PROVIDED INFORMATION section start

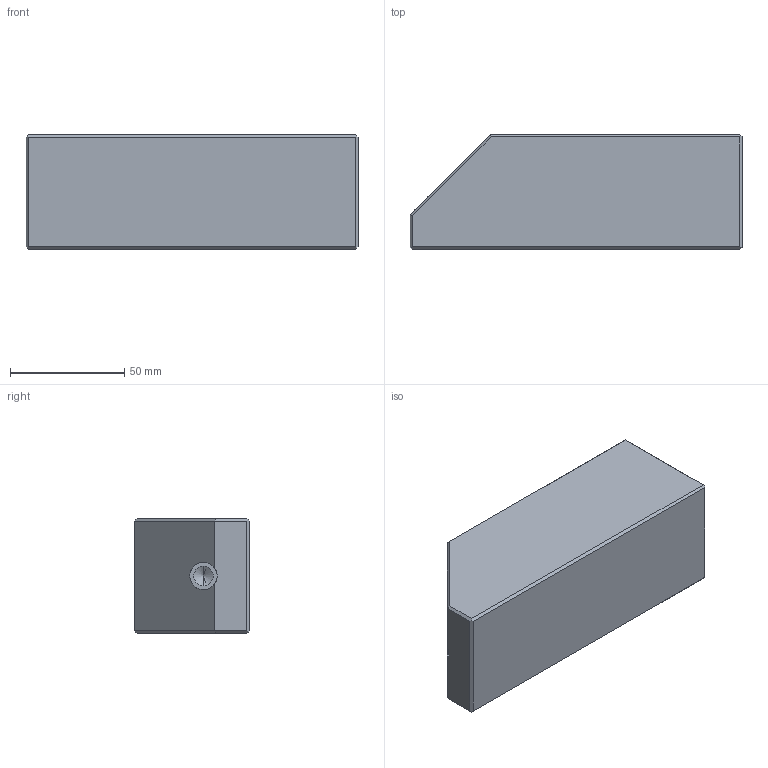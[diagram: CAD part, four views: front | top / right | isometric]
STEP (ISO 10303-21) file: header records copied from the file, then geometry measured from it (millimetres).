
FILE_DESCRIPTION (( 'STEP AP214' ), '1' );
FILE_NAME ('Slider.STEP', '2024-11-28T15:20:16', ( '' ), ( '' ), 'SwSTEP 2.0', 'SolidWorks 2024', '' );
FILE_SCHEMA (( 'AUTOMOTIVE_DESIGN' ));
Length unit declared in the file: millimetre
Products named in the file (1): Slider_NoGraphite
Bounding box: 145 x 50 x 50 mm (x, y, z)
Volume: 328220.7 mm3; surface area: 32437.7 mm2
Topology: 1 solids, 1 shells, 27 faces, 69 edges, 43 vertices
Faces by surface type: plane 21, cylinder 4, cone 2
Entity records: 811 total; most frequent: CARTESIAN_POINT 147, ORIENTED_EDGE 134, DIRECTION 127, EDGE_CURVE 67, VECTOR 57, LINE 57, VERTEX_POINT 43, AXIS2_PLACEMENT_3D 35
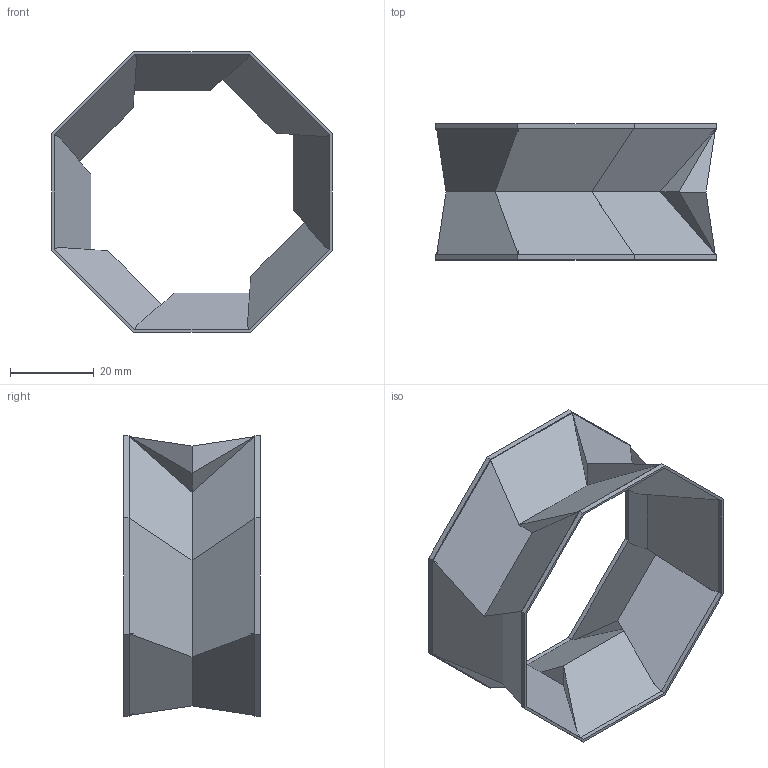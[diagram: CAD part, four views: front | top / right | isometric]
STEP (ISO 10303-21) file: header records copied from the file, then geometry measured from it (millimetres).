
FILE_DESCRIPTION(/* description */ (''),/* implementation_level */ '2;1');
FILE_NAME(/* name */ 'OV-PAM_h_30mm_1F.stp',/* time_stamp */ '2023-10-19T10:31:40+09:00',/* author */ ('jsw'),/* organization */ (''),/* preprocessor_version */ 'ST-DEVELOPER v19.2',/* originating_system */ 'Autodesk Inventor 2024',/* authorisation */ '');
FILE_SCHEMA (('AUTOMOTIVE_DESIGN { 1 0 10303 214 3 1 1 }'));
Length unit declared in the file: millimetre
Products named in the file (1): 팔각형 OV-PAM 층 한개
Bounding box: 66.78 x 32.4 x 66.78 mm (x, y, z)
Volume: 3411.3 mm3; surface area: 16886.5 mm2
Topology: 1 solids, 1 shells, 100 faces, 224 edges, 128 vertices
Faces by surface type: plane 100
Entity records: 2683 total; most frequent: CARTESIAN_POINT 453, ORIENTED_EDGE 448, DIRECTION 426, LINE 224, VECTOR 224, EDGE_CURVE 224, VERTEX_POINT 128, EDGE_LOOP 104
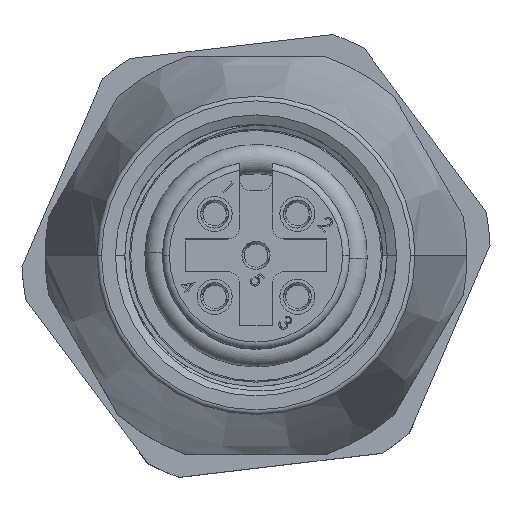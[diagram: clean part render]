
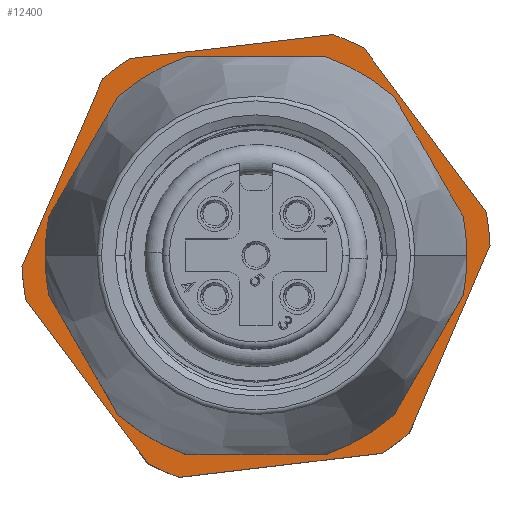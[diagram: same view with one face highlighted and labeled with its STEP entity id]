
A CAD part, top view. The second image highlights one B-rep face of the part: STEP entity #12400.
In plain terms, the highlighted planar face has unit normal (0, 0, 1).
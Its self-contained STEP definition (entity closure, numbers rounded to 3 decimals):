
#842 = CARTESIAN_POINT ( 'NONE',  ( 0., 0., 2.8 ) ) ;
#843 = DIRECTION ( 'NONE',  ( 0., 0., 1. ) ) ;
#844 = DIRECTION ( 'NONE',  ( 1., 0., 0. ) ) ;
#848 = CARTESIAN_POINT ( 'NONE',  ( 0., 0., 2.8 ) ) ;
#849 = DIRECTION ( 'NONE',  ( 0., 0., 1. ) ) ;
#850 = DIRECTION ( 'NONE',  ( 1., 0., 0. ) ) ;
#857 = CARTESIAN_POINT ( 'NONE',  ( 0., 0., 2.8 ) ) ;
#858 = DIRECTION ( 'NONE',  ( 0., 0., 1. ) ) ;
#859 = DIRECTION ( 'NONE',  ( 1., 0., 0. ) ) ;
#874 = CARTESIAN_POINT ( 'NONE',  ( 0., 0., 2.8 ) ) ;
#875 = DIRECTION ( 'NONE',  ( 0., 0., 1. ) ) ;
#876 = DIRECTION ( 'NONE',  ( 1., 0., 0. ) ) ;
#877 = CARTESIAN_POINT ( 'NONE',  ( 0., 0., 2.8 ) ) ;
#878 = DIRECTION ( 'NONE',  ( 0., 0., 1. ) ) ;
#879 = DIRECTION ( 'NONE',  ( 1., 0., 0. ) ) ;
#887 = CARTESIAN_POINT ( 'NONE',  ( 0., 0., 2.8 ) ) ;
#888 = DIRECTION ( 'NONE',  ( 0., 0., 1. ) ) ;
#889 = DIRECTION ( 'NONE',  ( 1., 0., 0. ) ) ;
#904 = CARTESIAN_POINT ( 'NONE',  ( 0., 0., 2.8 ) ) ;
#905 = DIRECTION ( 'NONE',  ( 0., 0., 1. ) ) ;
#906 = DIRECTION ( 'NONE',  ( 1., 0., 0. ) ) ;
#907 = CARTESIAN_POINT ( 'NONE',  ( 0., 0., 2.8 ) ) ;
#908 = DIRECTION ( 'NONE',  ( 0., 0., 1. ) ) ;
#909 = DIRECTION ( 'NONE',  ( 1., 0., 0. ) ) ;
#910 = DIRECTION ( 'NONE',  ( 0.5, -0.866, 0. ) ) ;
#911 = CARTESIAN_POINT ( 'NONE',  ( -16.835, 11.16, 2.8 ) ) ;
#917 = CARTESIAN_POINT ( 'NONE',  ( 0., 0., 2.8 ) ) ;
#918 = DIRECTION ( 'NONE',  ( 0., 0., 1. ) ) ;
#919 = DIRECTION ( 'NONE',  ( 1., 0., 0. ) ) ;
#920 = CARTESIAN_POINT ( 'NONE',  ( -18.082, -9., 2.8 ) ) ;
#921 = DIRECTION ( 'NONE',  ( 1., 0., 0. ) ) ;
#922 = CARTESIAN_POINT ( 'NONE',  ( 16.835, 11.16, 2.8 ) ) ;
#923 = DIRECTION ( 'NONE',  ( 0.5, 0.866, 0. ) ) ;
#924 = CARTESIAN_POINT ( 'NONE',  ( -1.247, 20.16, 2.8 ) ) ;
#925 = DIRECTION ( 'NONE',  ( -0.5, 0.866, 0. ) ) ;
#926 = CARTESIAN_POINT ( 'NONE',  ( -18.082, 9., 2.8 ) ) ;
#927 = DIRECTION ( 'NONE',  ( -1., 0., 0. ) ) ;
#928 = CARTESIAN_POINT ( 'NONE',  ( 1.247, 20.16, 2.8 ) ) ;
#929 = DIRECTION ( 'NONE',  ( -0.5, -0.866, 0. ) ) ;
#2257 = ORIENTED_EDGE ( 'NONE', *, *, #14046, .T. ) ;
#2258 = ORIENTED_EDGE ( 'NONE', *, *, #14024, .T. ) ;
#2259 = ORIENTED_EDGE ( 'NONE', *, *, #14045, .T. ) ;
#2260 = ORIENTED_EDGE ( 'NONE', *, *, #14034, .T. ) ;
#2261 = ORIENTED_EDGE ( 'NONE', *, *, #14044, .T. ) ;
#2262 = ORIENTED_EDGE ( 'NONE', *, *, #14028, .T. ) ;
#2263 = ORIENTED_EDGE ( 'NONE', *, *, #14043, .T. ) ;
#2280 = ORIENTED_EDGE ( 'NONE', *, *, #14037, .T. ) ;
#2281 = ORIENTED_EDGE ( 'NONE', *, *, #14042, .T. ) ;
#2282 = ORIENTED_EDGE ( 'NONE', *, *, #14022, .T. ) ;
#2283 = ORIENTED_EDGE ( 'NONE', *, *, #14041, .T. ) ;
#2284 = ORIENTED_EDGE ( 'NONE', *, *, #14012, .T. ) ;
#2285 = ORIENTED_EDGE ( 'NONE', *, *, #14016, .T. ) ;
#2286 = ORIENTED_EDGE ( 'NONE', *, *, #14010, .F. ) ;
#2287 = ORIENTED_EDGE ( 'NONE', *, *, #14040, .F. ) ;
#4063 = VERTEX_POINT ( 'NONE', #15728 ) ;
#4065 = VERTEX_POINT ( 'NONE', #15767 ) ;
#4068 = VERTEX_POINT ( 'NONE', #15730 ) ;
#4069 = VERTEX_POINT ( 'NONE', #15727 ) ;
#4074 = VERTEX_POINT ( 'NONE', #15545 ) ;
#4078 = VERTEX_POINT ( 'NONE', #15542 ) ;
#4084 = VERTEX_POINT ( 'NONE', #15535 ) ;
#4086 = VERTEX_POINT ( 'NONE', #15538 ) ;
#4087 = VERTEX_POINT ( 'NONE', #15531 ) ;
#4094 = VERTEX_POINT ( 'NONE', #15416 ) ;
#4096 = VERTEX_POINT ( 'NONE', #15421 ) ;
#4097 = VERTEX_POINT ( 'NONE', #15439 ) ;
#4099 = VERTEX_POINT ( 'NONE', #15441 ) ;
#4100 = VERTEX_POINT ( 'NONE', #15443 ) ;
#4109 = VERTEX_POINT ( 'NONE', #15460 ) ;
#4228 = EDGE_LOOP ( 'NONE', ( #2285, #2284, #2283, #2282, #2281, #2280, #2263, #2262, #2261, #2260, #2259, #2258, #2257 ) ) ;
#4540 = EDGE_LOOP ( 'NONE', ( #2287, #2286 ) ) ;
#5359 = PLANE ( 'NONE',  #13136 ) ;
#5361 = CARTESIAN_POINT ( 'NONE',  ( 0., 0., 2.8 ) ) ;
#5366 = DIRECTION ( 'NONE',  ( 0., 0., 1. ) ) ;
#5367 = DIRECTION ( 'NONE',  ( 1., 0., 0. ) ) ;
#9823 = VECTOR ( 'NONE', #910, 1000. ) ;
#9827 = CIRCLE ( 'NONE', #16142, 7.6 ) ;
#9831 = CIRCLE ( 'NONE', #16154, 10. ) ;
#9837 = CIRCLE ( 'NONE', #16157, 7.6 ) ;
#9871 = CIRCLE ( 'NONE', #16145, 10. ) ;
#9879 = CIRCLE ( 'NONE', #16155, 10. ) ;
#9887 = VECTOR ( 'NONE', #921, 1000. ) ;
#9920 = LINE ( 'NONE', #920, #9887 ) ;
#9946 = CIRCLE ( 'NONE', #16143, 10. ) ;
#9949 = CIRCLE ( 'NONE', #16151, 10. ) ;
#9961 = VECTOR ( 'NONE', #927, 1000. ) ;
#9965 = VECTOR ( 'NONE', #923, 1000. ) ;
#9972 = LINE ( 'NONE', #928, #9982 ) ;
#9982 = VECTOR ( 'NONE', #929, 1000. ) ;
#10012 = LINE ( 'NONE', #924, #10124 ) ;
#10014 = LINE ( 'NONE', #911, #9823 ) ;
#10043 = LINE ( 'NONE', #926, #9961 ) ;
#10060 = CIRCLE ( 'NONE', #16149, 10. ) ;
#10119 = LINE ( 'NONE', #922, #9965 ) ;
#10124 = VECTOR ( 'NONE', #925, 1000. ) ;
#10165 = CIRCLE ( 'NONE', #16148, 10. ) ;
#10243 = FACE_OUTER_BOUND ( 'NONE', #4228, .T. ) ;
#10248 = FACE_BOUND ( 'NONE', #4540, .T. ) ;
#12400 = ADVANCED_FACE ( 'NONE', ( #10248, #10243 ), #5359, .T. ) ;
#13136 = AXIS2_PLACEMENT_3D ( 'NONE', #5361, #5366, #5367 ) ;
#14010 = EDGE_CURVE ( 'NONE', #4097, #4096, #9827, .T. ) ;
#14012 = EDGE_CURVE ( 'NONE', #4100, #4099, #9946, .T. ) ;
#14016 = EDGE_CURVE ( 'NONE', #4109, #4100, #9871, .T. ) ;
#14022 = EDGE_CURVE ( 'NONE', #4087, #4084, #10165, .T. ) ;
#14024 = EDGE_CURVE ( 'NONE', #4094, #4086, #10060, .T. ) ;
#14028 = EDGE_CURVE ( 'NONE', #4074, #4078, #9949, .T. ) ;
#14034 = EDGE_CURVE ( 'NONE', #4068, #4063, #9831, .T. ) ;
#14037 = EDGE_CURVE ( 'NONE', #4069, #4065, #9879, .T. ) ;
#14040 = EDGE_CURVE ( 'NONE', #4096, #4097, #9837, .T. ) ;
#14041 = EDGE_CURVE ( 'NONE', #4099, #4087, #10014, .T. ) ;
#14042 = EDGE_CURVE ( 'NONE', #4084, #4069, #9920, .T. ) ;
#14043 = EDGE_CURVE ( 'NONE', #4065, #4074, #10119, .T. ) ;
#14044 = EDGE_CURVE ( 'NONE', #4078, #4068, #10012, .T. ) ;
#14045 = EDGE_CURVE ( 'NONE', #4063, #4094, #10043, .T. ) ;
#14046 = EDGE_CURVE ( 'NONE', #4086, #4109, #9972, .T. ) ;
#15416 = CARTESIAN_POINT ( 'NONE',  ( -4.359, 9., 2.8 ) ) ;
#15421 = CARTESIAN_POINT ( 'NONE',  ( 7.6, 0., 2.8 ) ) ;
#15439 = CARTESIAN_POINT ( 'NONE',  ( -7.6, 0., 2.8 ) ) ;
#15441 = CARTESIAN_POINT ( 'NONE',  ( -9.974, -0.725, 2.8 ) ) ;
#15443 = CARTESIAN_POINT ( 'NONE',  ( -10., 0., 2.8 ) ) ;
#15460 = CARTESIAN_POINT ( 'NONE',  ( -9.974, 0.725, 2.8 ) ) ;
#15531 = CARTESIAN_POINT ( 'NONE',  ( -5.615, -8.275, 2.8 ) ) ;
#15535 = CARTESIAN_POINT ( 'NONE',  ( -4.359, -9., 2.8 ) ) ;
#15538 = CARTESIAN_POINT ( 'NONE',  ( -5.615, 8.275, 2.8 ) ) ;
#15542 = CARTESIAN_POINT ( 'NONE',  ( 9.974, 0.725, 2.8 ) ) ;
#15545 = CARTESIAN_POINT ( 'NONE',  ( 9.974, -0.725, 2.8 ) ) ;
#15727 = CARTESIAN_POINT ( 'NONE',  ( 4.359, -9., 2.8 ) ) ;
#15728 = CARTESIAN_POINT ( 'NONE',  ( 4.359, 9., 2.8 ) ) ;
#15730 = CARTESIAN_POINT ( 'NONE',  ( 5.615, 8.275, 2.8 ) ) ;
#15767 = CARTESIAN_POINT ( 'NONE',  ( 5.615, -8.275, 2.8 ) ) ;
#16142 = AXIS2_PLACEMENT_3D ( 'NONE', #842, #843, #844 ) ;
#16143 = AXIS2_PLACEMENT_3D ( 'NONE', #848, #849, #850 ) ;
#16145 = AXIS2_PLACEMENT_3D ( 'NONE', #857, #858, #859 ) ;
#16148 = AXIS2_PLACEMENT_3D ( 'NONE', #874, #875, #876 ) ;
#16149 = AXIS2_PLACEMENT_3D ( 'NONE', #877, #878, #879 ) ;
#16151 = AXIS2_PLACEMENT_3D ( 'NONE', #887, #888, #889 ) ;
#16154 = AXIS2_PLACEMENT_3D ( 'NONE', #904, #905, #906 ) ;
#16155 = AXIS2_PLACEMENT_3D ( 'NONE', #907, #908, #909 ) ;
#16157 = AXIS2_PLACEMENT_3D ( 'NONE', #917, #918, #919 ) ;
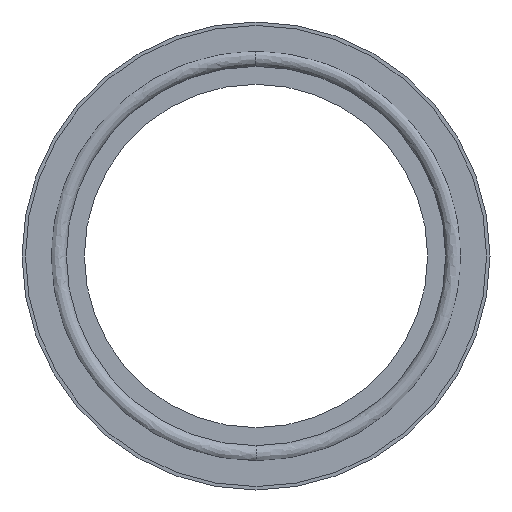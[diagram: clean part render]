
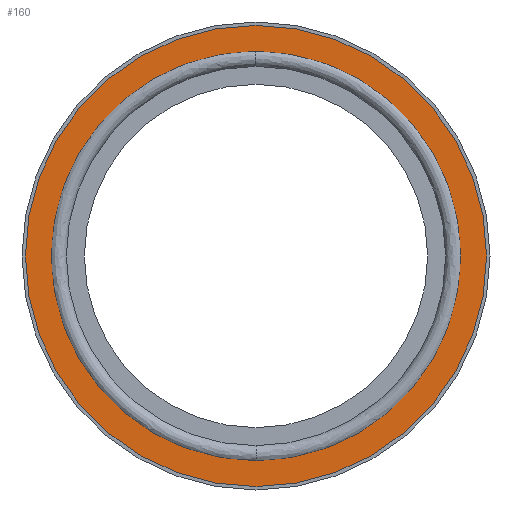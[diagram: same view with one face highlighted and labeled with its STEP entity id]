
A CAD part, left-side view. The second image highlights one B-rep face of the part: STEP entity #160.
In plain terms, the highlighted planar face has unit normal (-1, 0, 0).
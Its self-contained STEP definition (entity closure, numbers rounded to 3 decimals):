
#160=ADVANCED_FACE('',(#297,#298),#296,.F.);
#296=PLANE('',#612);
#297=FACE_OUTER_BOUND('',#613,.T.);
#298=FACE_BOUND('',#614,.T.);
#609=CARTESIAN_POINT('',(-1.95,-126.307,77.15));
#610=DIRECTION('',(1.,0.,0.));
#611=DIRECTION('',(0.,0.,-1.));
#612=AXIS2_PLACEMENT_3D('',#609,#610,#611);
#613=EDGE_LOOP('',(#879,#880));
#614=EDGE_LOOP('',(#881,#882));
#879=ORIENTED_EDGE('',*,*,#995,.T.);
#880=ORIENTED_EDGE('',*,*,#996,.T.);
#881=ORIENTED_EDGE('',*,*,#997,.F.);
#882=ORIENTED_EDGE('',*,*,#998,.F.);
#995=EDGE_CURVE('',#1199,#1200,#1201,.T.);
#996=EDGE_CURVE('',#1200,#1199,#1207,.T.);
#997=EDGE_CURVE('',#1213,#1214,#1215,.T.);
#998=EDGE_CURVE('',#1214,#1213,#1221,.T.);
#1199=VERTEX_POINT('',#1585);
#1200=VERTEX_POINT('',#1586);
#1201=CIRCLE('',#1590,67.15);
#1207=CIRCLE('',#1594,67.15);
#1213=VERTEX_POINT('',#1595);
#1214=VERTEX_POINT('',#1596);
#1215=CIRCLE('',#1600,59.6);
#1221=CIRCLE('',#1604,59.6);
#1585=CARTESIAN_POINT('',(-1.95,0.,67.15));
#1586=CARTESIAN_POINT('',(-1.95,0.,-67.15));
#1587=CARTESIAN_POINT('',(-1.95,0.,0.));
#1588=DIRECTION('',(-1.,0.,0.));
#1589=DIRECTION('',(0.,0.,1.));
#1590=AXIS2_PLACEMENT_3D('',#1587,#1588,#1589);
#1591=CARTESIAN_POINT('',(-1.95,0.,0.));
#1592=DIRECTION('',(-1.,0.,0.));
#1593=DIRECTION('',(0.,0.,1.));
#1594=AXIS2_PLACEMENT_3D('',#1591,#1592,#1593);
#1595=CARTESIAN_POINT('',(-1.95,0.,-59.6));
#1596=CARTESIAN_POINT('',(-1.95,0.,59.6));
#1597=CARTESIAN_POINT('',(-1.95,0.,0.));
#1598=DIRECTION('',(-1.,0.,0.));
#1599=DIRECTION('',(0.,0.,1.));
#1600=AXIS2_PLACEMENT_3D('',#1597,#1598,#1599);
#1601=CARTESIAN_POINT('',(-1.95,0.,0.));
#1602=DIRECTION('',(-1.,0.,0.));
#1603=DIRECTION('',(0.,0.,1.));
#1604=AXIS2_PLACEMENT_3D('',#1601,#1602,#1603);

PROVIDED INFORMATION section end

* **REQUIREMENT**
Scan the lines above for "#875 = DIRECTION" and for "#905 = DIRECTION". Repeat exactly the line holding each of them and every line in between.

* **RESULT FOR THIS EXERCISE**
#875 = DIRECTION ( 'NONE',  ( 0., 0., 1. ) ) ;
#876 = DIRECTION ( 'NONE',  ( 1., 0., 0. ) ) ;
#877 = CARTESIAN_POINT ( 'NONE',  ( 0., 0., 2.8 ) ) ;
#878 = DIRECTION ( 'NONE',  ( 0., 0., 1. ) ) ;
#879 = DIRECTION ( 'NONE',  ( 1., 0., 0. ) ) ;
#887 = CARTESIAN_POINT ( 'NONE',  ( 0., 0., 2.8 ) ) ;
#888 = DIRECTION ( 'NONE',  ( 0., 0., 1. ) ) ;
#889 = DIRECTION ( 'NONE',  ( 1., 0., 0. ) ) ;
#904 = CARTESIAN_POINT ( 'NONE',  ( 0., 0., 2.8 ) ) ;
#905 = DIRECTION ( 'NONE',  ( 0., 0., 1. ) ) ;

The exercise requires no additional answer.